What the task asks - In the data below, find every line with the word "ertheilt" and copy it.

=== Section Start ===

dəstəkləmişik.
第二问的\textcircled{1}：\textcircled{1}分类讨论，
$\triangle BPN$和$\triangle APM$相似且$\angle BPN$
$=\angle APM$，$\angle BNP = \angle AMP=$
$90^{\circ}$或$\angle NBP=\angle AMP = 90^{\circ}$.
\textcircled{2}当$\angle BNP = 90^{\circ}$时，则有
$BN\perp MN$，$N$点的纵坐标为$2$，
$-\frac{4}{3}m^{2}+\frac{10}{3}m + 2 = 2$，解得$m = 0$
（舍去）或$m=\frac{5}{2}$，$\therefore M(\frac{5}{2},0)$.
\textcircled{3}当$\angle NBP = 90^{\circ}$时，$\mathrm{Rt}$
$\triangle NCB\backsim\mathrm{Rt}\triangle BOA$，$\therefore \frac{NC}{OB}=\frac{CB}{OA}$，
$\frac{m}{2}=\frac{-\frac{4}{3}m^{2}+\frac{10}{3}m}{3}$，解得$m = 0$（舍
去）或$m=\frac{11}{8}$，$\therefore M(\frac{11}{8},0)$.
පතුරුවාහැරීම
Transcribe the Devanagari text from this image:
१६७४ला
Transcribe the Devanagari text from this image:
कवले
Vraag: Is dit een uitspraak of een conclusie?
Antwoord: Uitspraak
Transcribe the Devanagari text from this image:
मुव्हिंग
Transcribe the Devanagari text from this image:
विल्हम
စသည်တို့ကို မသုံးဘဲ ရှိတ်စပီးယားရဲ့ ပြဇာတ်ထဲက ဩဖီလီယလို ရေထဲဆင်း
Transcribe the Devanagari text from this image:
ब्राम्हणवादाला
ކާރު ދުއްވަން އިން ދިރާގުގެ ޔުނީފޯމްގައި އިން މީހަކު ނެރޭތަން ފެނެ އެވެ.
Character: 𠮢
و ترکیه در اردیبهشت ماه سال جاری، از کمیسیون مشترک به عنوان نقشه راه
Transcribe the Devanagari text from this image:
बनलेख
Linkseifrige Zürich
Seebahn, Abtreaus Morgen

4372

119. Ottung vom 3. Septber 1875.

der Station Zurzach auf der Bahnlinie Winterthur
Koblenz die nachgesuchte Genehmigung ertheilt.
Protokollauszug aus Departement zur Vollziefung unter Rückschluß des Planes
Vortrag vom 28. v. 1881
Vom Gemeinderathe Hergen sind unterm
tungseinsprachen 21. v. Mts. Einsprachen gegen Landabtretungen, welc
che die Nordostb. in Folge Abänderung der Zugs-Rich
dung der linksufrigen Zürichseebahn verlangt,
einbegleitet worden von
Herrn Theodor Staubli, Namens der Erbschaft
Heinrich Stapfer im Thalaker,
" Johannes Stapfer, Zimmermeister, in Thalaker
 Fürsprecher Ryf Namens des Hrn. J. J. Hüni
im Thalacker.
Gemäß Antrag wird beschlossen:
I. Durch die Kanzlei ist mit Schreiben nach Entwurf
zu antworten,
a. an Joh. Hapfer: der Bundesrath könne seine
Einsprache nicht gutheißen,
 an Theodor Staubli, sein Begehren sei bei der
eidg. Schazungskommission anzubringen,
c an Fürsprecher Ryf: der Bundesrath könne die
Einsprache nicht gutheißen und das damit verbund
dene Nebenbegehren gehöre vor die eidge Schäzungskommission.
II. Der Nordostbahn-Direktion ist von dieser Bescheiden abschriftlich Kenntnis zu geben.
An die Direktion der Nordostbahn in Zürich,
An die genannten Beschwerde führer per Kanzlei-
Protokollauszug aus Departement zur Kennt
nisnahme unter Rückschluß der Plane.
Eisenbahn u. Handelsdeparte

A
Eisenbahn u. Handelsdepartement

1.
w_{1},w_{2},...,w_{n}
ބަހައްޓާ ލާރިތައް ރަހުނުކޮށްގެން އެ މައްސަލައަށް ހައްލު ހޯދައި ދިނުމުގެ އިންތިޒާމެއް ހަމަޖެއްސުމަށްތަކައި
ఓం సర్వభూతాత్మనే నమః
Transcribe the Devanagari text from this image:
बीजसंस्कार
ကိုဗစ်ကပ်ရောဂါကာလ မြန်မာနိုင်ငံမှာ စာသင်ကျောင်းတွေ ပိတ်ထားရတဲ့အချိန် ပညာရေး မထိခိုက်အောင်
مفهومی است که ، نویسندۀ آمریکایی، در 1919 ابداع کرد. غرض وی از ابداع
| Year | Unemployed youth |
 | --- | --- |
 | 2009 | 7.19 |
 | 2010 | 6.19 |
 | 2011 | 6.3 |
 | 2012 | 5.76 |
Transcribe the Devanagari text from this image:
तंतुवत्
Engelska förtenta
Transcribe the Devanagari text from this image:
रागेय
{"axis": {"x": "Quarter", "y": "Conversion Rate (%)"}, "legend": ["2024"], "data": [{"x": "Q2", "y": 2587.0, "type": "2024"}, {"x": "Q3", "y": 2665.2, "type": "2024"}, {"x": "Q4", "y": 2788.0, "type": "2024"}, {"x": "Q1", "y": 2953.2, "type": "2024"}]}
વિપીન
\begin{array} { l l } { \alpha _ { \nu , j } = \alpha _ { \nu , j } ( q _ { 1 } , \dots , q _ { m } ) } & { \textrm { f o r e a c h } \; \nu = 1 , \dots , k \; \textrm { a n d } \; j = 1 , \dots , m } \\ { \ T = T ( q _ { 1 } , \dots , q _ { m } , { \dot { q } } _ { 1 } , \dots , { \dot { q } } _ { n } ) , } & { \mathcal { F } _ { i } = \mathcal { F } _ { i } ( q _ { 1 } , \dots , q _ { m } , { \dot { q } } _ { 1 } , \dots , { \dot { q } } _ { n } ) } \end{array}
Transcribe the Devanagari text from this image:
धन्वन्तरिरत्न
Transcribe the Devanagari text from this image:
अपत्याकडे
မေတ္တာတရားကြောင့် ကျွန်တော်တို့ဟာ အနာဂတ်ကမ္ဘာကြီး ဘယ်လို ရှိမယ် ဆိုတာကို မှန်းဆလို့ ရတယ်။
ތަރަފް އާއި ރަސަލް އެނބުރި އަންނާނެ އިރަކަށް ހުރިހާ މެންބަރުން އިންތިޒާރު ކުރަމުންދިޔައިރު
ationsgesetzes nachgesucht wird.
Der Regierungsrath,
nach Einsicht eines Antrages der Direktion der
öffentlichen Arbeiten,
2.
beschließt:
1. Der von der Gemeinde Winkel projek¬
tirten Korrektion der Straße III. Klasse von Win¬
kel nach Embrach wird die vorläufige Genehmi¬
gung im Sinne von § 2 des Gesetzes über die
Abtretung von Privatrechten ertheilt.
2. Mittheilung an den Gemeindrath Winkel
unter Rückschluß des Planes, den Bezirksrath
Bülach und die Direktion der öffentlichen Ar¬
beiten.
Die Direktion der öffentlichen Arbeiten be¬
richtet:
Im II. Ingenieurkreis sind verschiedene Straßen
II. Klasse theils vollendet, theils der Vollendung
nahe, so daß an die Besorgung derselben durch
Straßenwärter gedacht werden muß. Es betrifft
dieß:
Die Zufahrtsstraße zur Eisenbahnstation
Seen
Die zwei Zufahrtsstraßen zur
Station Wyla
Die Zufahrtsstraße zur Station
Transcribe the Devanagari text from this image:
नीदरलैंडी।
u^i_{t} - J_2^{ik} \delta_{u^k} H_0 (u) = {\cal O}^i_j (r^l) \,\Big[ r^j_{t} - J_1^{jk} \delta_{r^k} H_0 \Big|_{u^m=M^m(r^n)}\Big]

=== Section End ===

Response -
Koblenz die nachgesuchte Genehmigung ertheilt.
Abtretung von Privatrechten ertheilt.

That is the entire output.